(EXTRACTED ENTRIES begins)

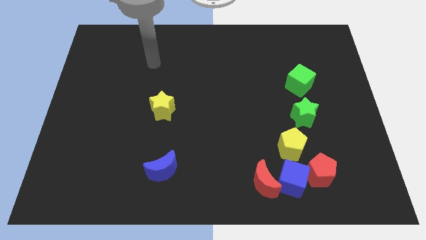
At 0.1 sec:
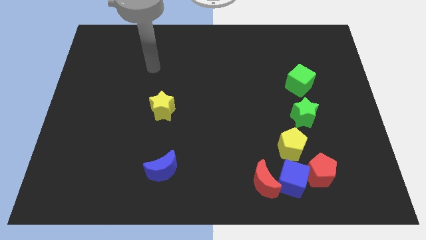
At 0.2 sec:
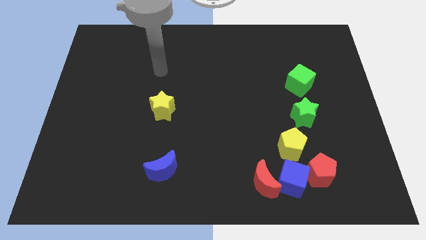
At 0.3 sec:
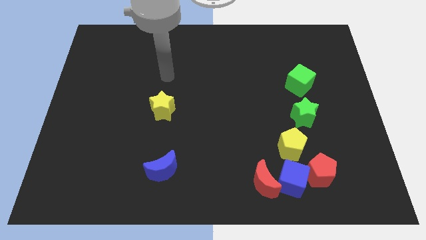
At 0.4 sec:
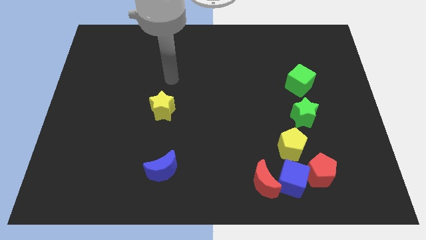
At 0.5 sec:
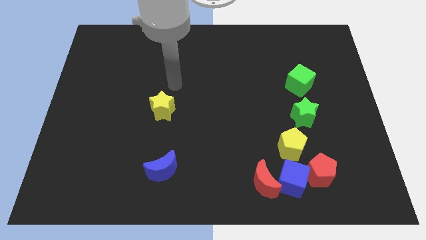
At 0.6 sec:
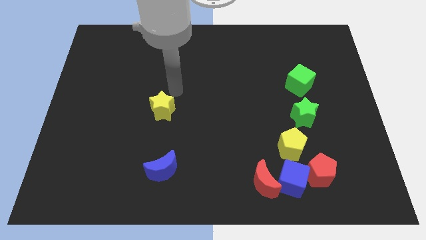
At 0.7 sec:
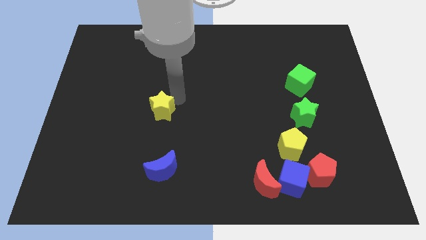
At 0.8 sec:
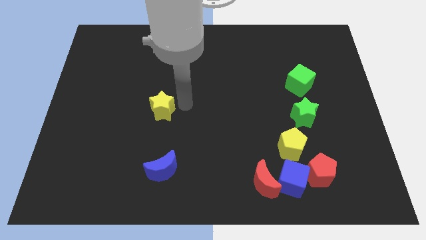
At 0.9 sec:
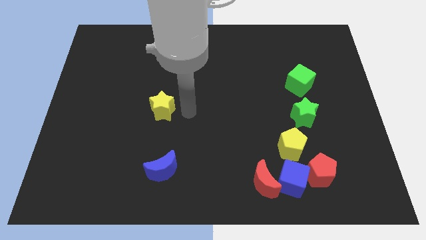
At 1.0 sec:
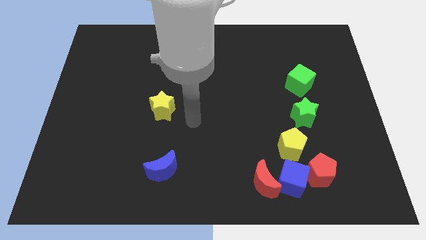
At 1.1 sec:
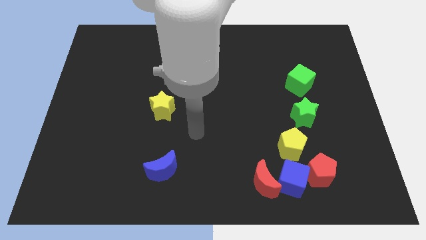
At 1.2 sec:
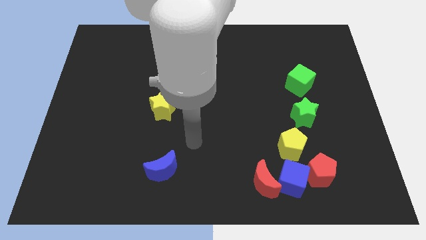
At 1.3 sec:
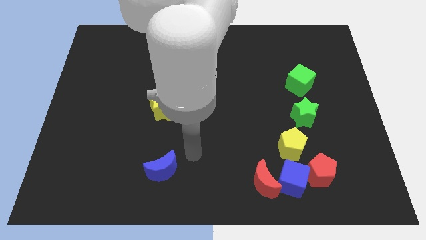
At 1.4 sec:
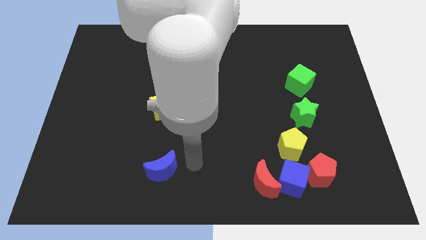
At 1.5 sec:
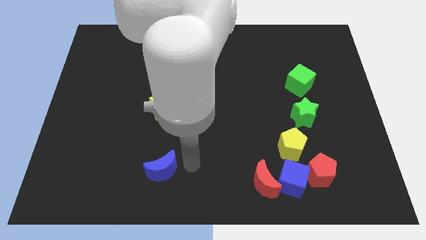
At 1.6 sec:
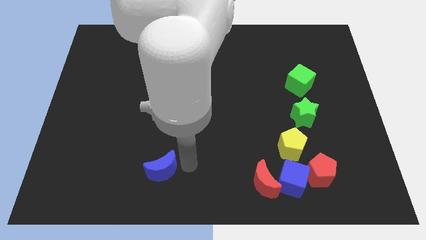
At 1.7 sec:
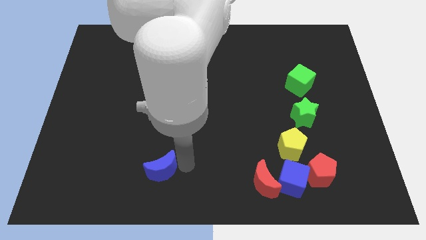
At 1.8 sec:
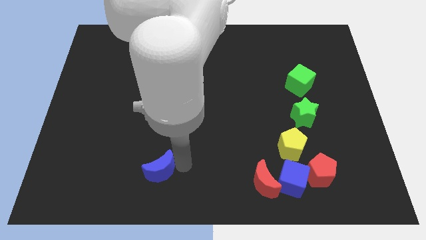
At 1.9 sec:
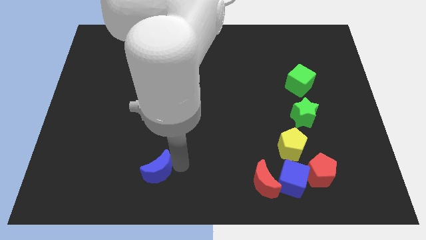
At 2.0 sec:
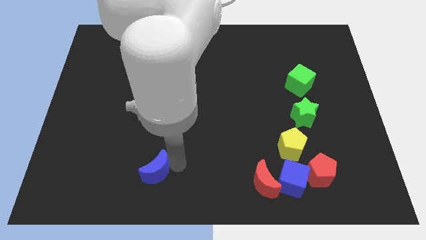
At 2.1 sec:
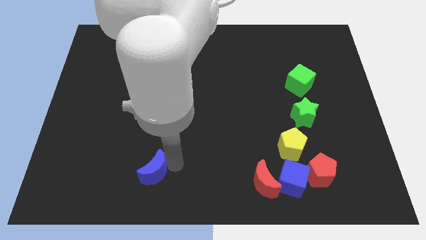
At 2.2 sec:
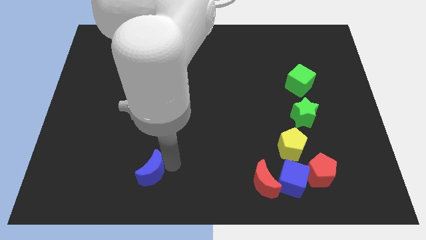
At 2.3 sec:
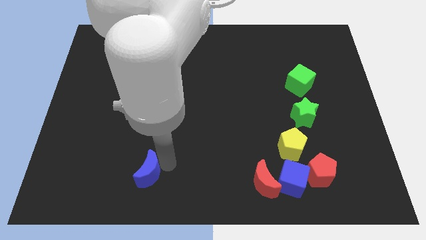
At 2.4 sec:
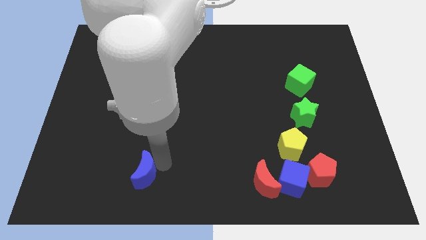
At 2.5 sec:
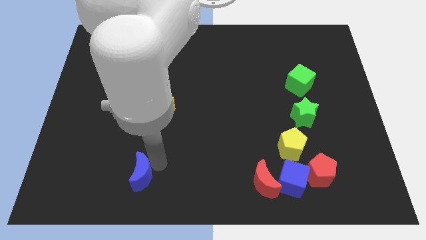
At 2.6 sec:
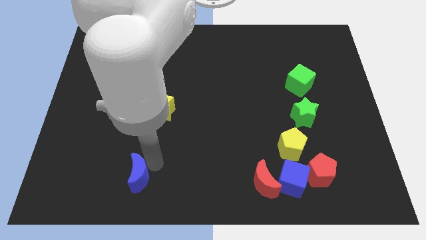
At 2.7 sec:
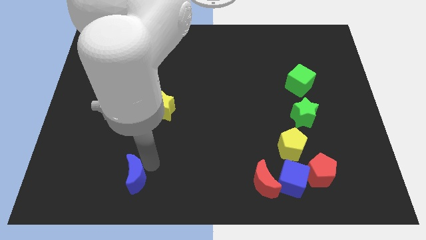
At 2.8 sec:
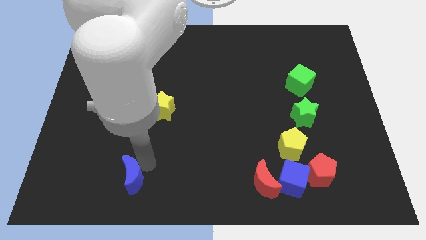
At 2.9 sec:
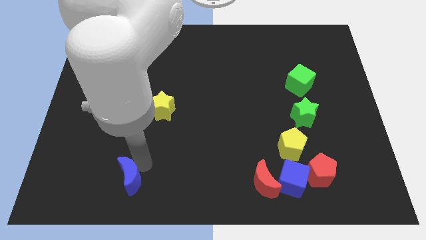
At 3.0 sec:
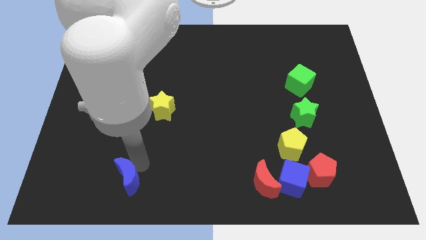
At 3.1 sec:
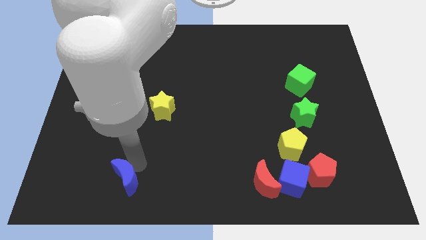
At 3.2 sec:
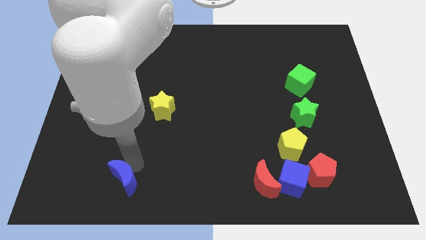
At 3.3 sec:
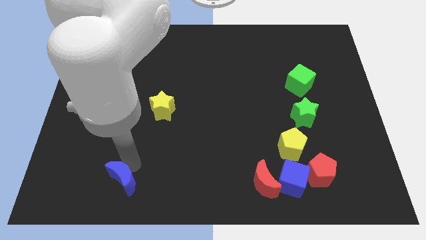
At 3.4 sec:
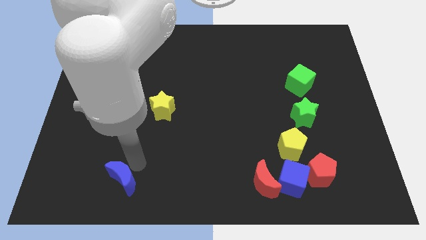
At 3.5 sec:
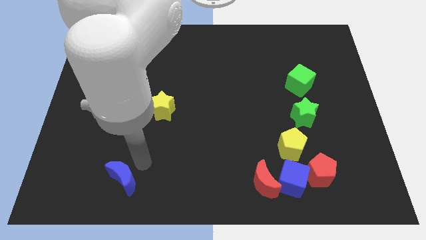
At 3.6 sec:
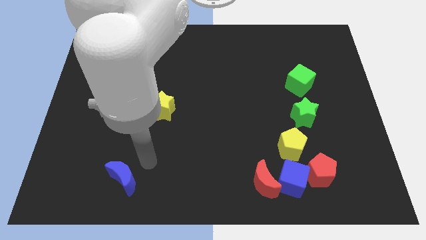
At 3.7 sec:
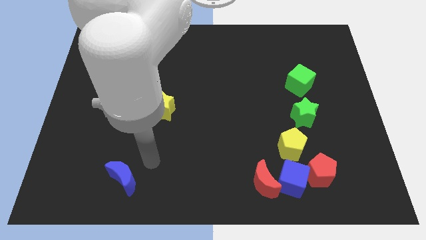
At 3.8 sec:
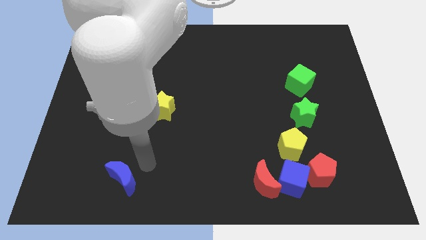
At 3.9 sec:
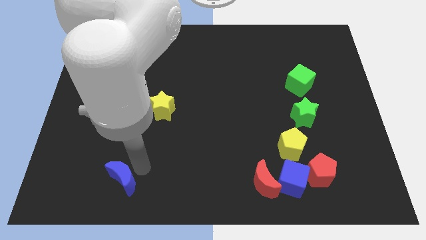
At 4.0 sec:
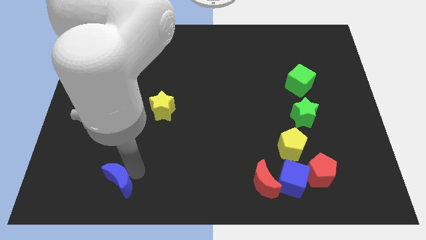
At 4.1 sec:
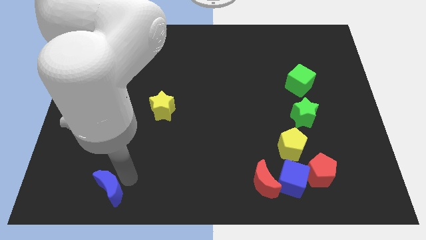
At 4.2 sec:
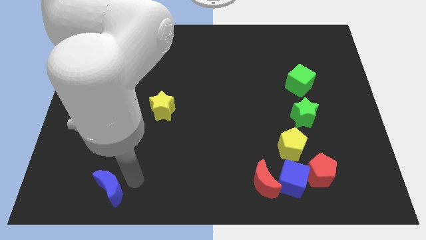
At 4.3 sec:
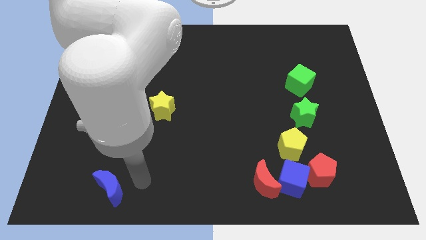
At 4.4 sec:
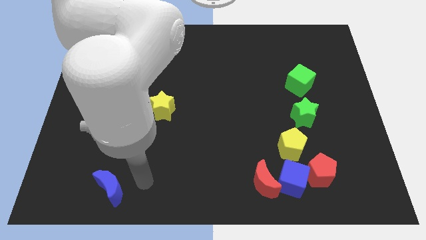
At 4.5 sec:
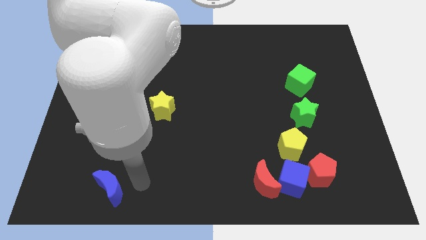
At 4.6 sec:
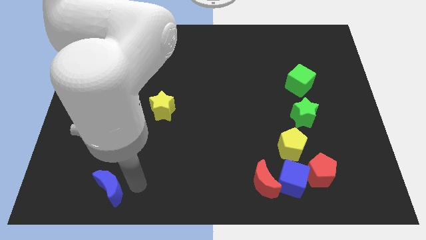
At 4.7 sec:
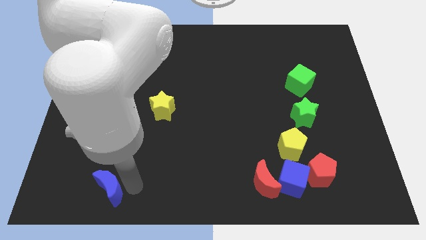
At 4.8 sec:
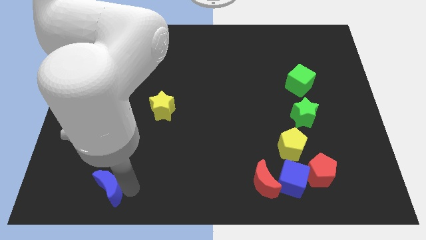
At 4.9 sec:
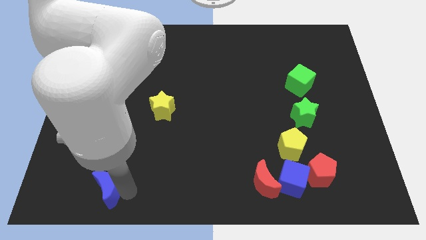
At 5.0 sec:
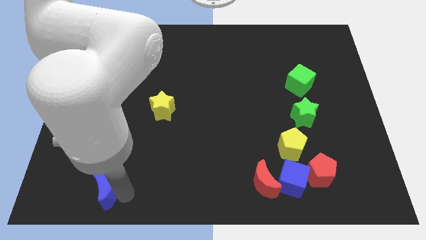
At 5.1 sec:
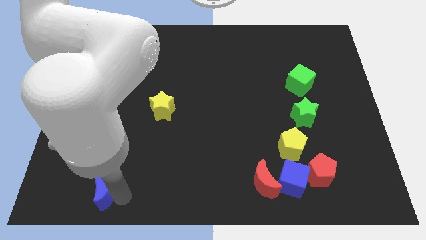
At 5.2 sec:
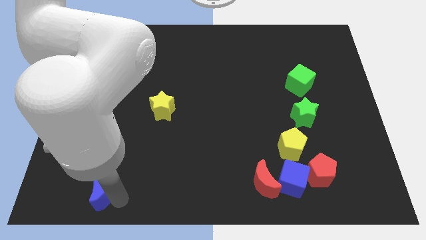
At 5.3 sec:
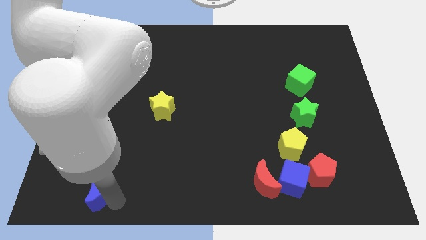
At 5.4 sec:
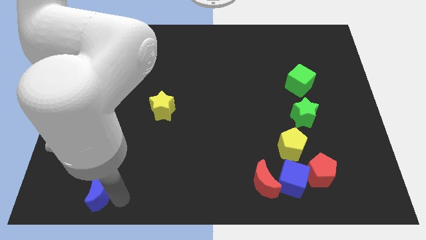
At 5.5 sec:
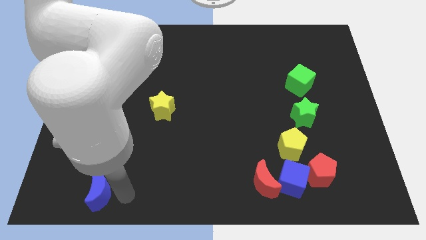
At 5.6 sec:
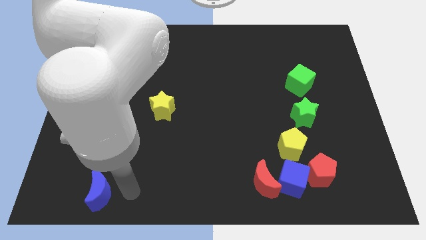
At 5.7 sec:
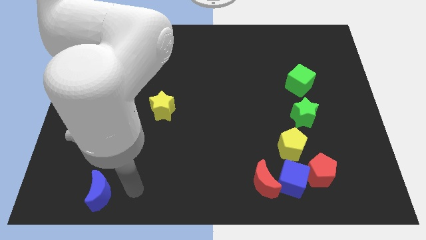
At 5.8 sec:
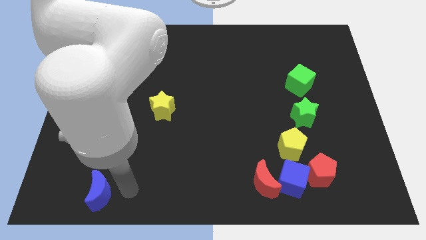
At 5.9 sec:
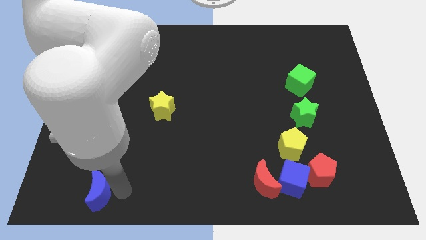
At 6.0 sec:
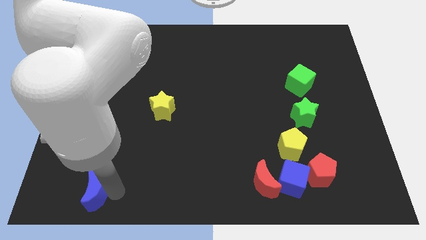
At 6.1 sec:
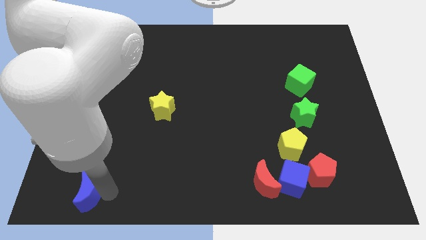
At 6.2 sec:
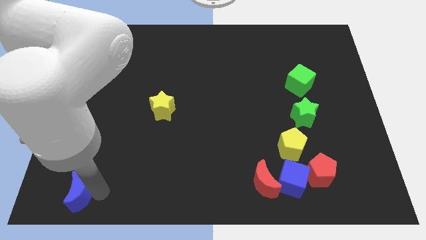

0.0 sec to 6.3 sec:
push the blue moon to the bottom left

(EXTRACTED ENTRIES ends)

* DIRECTIONS *
A faithful, complete copy of the entries is required, without the pictures.

* TASK RESULT *
At 0.1 sec:
At 0.2 sec:
At 0.3 sec:
At 0.4 sec:
At 0.5 sec:
At 0.6 sec:
At 0.7 sec:
At 0.8 sec:
At 0.9 sec:
At 1.0 sec:
At 1.1 sec:
At 1.2 sec:
At 1.3 sec:
At 1.4 sec:
At 1.5 sec:
At 1.6 sec:
At 1.7 sec:
At 1.8 sec:
At 1.9 sec:
At 2.0 sec:
At 2.1 sec:
At 2.2 sec:
At 2.3 sec:
At 2.4 sec:
At 2.5 sec:
At 2.6 sec:
At 2.7 sec:
At 2.8 sec:
At 2.9 sec:
At 3.0 sec:
At 3.1 sec:
At 3.2 sec:
At 3.3 sec:
At 3.4 sec:
At 3.5 sec:
At 3.6 sec:
At 3.7 sec:
At 3.8 sec:
At 3.9 sec:
At 4.0 sec:
At 4.1 sec:
At 4.2 sec:
At 4.3 sec:
At 4.4 sec:
At 4.5 sec:
At 4.6 sec:
At 4.7 sec:
At 4.8 sec:
At 4.9 sec:
At 5.0 sec:
At 5.1 sec:
At 5.2 sec:
At 5.3 sec:
At 5.4 sec:
At 5.5 sec:
At 5.6 sec:
At 5.7 sec:
At 5.8 sec:
At 5.9 sec:
At 6.0 sec:
At 6.1 sec:
At 6.2 sec:

0.0 sec to 6.3 sec:
push the blue moon to the bottom left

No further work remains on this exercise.